In the shadow of distance: Bangladesh, memory, and the diasporic imagination
In the antipodean calm of suburban Sydney, where the summer light falls with an almost antiseptic clarity, Bangladesh often arrives not as geography but as afterimage.
There is the smell of damp earth after monsoon rain, the tremor of political slogans echoing through university corridors, and the anxious pride of my father awaiting a postal ballot thousands of miles from the polling booth. Distance, as the essayist Pankaj Mishra has often suggested in his meditations on Asia’s turbulent modernity, does not dilute attachment.

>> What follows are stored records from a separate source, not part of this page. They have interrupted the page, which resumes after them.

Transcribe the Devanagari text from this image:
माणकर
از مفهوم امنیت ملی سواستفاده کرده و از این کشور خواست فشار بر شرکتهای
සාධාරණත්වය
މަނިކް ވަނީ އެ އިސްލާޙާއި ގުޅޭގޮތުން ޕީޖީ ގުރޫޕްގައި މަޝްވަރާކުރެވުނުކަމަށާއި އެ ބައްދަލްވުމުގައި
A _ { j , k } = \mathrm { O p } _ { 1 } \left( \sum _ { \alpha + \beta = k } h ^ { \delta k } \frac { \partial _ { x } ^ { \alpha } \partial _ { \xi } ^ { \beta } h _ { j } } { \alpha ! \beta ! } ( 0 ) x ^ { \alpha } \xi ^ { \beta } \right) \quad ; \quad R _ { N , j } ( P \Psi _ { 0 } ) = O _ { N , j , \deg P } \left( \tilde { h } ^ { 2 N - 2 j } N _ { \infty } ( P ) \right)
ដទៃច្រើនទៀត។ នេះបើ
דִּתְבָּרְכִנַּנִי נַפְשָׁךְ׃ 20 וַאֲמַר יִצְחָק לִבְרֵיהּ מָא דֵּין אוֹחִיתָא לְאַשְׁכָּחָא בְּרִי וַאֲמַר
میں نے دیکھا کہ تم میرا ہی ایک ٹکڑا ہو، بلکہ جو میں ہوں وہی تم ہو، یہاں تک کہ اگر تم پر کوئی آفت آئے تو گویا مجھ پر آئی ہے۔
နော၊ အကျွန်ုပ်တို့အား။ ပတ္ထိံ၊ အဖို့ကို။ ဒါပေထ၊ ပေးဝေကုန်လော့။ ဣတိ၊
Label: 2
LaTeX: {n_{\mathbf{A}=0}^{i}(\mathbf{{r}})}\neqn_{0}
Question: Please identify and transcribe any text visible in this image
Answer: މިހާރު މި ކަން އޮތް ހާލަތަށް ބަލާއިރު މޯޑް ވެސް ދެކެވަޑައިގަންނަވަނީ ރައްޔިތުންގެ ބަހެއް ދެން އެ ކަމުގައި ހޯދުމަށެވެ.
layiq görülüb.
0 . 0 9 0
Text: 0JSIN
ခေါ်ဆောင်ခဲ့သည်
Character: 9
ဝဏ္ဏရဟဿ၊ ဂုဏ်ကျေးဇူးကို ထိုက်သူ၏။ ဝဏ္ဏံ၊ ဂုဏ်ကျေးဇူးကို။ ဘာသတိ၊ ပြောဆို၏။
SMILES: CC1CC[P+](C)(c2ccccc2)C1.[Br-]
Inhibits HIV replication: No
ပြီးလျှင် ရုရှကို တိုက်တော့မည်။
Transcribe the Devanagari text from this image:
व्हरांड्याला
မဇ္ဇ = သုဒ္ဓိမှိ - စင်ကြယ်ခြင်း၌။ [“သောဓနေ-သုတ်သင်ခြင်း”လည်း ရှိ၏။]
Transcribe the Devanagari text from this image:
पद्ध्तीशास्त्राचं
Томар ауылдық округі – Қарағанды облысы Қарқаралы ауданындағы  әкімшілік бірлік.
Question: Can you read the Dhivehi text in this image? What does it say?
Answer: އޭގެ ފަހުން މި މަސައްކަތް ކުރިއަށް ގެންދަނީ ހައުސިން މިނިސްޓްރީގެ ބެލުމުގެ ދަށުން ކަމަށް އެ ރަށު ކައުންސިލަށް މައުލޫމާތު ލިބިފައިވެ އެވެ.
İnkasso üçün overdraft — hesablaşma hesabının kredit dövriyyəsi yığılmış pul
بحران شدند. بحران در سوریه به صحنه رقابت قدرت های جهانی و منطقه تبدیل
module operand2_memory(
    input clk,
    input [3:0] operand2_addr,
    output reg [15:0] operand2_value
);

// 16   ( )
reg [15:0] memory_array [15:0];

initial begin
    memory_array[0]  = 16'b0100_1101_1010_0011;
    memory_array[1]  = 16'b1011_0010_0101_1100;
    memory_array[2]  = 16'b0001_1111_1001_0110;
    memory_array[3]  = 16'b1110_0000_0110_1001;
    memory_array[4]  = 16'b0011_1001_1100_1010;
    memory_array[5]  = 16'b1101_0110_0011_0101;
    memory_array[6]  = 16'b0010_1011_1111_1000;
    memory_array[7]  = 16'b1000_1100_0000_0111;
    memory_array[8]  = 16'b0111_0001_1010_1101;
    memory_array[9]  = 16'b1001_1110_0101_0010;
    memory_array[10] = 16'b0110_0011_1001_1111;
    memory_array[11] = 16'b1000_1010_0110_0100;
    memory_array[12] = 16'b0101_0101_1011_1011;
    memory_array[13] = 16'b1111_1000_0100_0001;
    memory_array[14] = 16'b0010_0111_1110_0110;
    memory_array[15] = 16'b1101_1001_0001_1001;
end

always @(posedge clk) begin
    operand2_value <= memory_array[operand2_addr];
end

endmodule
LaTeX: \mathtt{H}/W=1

It can refine it into a sharper, sometimes more painful awareness of what has been lost, deferred, or betrayed.
I left Bangladesh as a child and grew up in Australia, a country that prides itself on an egalitarian spirit, multiculturalism and an order built on its British-derived institutions.
Yet the gravitational pull of Bangladesh, especially the country’s unfinished arguments with itself, has only intensified with time. The recent national election, arriving in the wake of the student revolt of 2024, has stirred a cautious optimism among expatriate Bangladeshis.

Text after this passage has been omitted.